_Activity:_ A complete, exact copy of the records below is the required result.

· · · · ·

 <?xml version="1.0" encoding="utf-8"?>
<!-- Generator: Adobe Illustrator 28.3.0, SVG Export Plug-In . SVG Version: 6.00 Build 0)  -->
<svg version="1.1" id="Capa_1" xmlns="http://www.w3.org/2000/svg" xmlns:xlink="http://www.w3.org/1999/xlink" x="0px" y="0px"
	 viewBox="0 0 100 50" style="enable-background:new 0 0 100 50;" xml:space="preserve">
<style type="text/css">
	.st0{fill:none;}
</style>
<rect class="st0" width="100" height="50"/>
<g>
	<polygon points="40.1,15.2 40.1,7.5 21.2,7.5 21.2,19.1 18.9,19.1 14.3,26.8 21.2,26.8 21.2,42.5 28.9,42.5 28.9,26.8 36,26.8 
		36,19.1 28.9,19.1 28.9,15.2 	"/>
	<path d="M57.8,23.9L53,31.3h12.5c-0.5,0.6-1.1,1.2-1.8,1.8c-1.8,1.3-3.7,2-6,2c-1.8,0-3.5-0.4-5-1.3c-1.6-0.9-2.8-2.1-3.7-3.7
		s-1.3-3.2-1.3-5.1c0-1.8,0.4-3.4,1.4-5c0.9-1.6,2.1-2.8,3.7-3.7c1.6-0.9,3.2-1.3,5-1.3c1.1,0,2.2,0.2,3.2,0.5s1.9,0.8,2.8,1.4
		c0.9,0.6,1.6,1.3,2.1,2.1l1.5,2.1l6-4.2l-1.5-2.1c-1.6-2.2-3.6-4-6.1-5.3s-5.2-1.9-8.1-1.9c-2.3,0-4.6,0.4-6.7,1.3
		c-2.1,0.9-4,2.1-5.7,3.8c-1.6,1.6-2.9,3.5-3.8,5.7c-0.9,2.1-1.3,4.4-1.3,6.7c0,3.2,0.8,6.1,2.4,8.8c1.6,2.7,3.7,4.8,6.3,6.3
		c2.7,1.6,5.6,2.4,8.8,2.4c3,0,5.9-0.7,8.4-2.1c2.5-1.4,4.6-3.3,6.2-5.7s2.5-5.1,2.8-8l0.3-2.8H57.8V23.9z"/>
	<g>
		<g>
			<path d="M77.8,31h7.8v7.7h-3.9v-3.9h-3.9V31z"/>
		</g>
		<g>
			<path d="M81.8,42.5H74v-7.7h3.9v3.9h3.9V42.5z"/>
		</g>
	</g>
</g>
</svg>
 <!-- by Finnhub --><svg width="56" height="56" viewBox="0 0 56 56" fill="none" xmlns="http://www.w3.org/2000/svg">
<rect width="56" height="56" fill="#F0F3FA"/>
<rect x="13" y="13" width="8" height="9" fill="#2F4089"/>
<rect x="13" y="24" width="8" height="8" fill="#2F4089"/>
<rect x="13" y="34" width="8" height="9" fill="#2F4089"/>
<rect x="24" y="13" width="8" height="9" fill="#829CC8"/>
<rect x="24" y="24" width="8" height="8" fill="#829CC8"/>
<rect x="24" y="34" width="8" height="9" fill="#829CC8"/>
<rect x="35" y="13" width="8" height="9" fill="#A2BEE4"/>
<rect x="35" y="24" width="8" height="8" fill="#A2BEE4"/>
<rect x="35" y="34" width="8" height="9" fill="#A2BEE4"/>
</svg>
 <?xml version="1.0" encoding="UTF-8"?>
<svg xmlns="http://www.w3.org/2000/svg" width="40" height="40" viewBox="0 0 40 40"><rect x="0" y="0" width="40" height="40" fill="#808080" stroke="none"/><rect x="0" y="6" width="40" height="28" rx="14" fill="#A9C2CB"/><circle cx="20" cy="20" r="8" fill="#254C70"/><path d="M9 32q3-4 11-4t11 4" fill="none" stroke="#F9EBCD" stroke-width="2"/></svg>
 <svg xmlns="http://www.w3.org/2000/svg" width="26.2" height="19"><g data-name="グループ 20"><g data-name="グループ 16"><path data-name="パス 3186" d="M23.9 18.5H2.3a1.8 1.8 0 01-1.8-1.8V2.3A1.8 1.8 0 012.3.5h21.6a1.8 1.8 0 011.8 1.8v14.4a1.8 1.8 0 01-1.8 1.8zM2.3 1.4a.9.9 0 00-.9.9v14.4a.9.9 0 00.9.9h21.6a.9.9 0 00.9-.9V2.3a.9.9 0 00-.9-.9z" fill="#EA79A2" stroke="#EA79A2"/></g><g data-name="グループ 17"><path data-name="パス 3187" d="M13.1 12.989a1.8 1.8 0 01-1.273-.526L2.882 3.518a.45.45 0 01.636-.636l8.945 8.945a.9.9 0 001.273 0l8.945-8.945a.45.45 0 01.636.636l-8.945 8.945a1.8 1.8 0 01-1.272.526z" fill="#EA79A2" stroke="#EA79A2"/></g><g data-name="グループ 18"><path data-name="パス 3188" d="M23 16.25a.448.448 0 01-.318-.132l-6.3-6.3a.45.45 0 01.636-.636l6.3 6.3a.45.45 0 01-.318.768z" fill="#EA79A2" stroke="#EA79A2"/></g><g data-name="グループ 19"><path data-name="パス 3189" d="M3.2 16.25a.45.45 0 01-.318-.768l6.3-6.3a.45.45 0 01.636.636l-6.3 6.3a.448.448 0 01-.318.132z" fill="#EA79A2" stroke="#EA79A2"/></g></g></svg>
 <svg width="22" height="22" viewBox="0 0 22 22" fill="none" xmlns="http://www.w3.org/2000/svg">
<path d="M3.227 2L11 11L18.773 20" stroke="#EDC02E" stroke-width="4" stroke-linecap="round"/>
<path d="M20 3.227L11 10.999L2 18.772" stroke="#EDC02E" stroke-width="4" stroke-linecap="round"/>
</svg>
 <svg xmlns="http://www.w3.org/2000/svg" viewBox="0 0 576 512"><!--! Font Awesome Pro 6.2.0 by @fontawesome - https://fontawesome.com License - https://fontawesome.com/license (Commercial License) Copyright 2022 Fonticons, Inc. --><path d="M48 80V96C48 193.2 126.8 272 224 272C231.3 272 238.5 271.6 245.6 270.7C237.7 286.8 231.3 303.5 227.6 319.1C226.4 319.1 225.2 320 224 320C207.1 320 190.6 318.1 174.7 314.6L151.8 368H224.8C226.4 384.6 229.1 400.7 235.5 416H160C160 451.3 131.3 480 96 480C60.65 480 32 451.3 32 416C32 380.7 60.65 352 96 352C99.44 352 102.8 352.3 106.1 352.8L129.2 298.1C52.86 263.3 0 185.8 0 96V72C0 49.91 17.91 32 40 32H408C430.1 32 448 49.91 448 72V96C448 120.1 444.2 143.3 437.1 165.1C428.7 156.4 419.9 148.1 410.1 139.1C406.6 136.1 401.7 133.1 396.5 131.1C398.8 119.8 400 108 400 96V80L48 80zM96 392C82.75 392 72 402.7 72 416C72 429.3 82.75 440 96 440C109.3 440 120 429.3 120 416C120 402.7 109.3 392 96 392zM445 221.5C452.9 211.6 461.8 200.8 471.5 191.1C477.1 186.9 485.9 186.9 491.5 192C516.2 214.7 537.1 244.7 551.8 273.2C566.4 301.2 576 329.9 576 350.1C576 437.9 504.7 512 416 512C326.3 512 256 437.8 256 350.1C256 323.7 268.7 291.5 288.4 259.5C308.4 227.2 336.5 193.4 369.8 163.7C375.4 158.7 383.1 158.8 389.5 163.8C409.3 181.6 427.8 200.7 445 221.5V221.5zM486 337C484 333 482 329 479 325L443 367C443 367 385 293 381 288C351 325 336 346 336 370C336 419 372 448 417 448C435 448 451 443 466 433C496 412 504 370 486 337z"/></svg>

· · · · ·

_Written solution:_
 <?xml version="1.0" encoding="utf-8"?>
<!-- Generator: Adobe Illustrator 28.3.0, SVG Export Plug-In . SVG Version: 6.00 Build 0)  -->
<svg version="1.1" id="Capa_1" xmlns="http://www.w3.org/2000/svg" xmlns:xlink="http://www.w3.org/1999/xlink" x="0px" y="0px"
	 viewBox="0 0 100 50" style="enable-background:new 0 0 100 50;" xml:space="preserve">
<style type="text/css">
	.st0{fill:none;}
</style>
<rect class="st0" width="100" height="50"/>
<g>
	<polygon points="40.1,15.2 40.1,7.5 21.2,7.5 21.2,19.1 18.9,19.1 14.3,26.8 21.2,26.8 21.2,42.5 28.9,42.5 28.9,26.8 36,26.8 
		36,19.1 28.9,19.1 28.9,15.2 	"/>
	<path d="M57.8,23.9L53,31.3h12.5c-0.5,0.6-1.1,1.2-1.8,1.8c-1.8,1.3-3.7,2-6,2c-1.8,0-3.5-0.4-5-1.3c-1.6-0.9-2.8-2.1-3.7-3.7
		s-1.3-3.2-1.3-5.1c0-1.8,0.4-3.4,1.4-5c0.9-1.6,2.1-2.8,3.7-3.7c1.6-0.9,3.2-1.3,5-1.3c1.1,0,2.2,0.2,3.2,0.5s1.9,0.8,2.8,1.4
		c0.9,0.6,1.6,1.3,2.1,2.1l1.5,2.1l6-4.2l-1.5-2.1c-1.6-2.2-3.6-4-6.1-5.3s-5.2-1.9-8.1-1.9c-2.3,0-4.6,0.4-6.7,1.3
		c-2.1,0.9-4,2.1-5.7,3.8c-1.6,1.6-2.9,3.5-3.8,5.7c-0.9,2.1-1.3,4.4-1.3,6.7c0,3.2,0.8,6.1,2.4,8.8c1.6,2.7,3.7,4.8,6.3,6.3
		c2.7,1.6,5.6,2.4,8.8,2.4c3,0,5.9-0.7,8.4-2.1c2.5-1.4,4.6-3.3,6.2-5.7s2.5-5.1,2.8-8l0.3-2.8H57.8V23.9z"/>
	<g>
		<g>
			<path d="M77.8,31h7.8v7.7h-3.9v-3.9h-3.9V31z"/>
		</g>
		<g>
			<path d="M81.8,42.5H74v-7.7h3.9v3.9h3.9V42.5z"/>
		</g>
	</g>
</g>
</svg>
 <!-- by Finnhub --><svg width="56" height="56" viewBox="0 0 56 56" fill="none" xmlns="http://www.w3.org/2000/svg">
<rect width="56" height="56" fill="#F0F3FA"/>
<rect x="13" y="13" width="8" height="9" fill="#2F4089"/>
<rect x="13" y="24" width="8" height="8" fill="#2F4089"/>
<rect x="13" y="34" width="8" height="9" fill="#2F4089"/>
<rect x="24" y="13" width="8" height="9" fill="#829CC8"/>
<rect x="24" y="24" width="8" height="8" fill="#829CC8"/>
<rect x="24" y="34" width="8" height="9" fill="#829CC8"/>
<rect x="35" y="13" width="8" height="9" fill="#A2BEE4"/>
<rect x="35" y="24" width="8" height="8" fill="#A2BEE4"/>
<rect x="35" y="34" width="8" height="9" fill="#A2BEE4"/>
</svg>
 <?xml version="1.0" encoding="UTF-8"?>
<svg xmlns="http://www.w3.org/2000/svg" width="40" height="40" viewBox="0 0 40 40"><rect x="0" y="0" width="40" height="40" fill="#808080" stroke="none"/><rect x="0" y="6" width="40" height="28" rx="14" fill="#A9C2CB"/><circle cx="20" cy="20" r="8" fill="#254C70"/><path d="M9 32q3-4 11-4t11 4" fill="none" stroke="#F9EBCD" stroke-width="2"/></svg>
 <svg xmlns="http://www.w3.org/2000/svg" width="26.2" height="19"><g data-name="グループ 20"><g data-name="グループ 16"><path data-name="パス 3186" d="M23.9 18.5H2.3a1.8 1.8 0 01-1.8-1.8V2.3A1.8 1.8 0 012.3.5h21.6a1.8 1.8 0 011.8 1.8v14.4a1.8 1.8 0 01-1.8 1.8zM2.3 1.4a.9.9 0 00-.9.9v14.4a.9.9 0 00.9.9h21.6a.9.9 0 00.9-.9V2.3a.9.9 0 00-.9-.9z" fill="#EA79A2" stroke="#EA79A2"/></g><g data-name="グループ 17"><path data-name="パス 3187" d="M13.1 12.989a1.8 1.8 0 01-1.273-.526L2.882 3.518a.45.45 0 01.636-.636l8.945 8.945a.9.9 0 001.273 0l8.945-8.945a.45.45 0 01.636.636l-8.945 8.945a1.8 1.8 0 01-1.272.526z" fill="#EA79A2" stroke="#EA79A2"/></g><g data-name="グループ 18"><path data-name="パス 3188" d="M23 16.25a.448.448 0 01-.318-.132l-6.3-6.3a.45.45 0 01.636-.636l6.3 6.3a.45.45 0 01-.318.768z" fill="#EA79A2" stroke="#EA79A2"/></g><g data-name="グループ 19"><path data-name="パス 3189" d="M3.2 16.25a.45.45 0 01-.318-.768l6.3-6.3a.45.45 0 01.636.636l-6.3 6.3a.448.448 0 01-.318.132z" fill="#EA79A2" stroke="#EA79A2"/></g></g></svg>
 <svg width="22" height="22" viewBox="0 0 22 22" fill="none" xmlns="http://www.w3.org/2000/svg">
<path d="M3.227 2L11 11L18.773 20" stroke="#EDC02E" stroke-width="4" stroke-linecap="round"/>
<path d="M20 3.227L11 10.999L2 18.772" stroke="#EDC02E" stroke-width="4" stroke-linecap="round"/>
</svg>
 <svg xmlns="http://www.w3.org/2000/svg" viewBox="0 0 576 512"><!--! Font Awesome Pro 6.2.0 by @fontawesome - https://fontawesome.com License - https://fontawesome.com/license (Commercial License) Copyright 2022 Fonticons, Inc. --><path d="M48 80V96C48 193.2 126.8 272 224 272C231.3 272 238.5 271.6 245.6 270.7C237.7 286.8 231.3 303.5 227.6 319.1C226.4 319.1 225.2 320 224 320C207.1 320 190.6 318.1 174.7 314.6L151.8 368H224.8C226.4 384.6 229.1 400.7 235.5 416H160C160 451.3 131.3 480 96 480C60.65 480 32 451.3 32 416C32 380.7 60.65 352 96 352C99.44 352 102.8 352.3 106.1 352.8L129.2 298.1C52.86 263.3 0 185.8 0 96V72C0 49.91 17.91 32 40 32H408C430.1 32 448 49.91 448 72V96C448 120.1 444.2 143.3 437.1 165.1C428.7 156.4 419.9 148.1 410.1 139.1C406.6 136.1 401.7 133.1 396.5 131.1C398.8 119.8 400 108 400 96V80L48 80zM96 392C82.75 392 72 402.7 72 416C72 429.3 82.75 440 96 440C109.3 440 120 429.3 120 416C120 402.7 109.3 392 96 392zM445 221.5C452.9 211.6 461.8 200.8 471.5 191.1C477.1 186.9 485.9 186.9 491.5 192C516.2 214.7 537.1 244.7 551.8 273.2C566.4 301.2 576 329.9 576 350.1C576 437.9 504.7 512 416 512C326.3 512 256 437.8 256 350.1C256 323.7 268.7 291.5 288.4 259.5C308.4 227.2 336.5 193.4 369.8 163.7C375.4 158.7 383.1 158.8 389.5 163.8C409.3 181.6 427.8 200.7 445 221.5V221.5zM486 337C484 333 482 329 479 325L443 367C443 367 385 293 381 288C351 325 336 346 336 370C336 419 372 448 417 448C435 448 451 443 466 433C496 412 504 370 486 337z"/></svg>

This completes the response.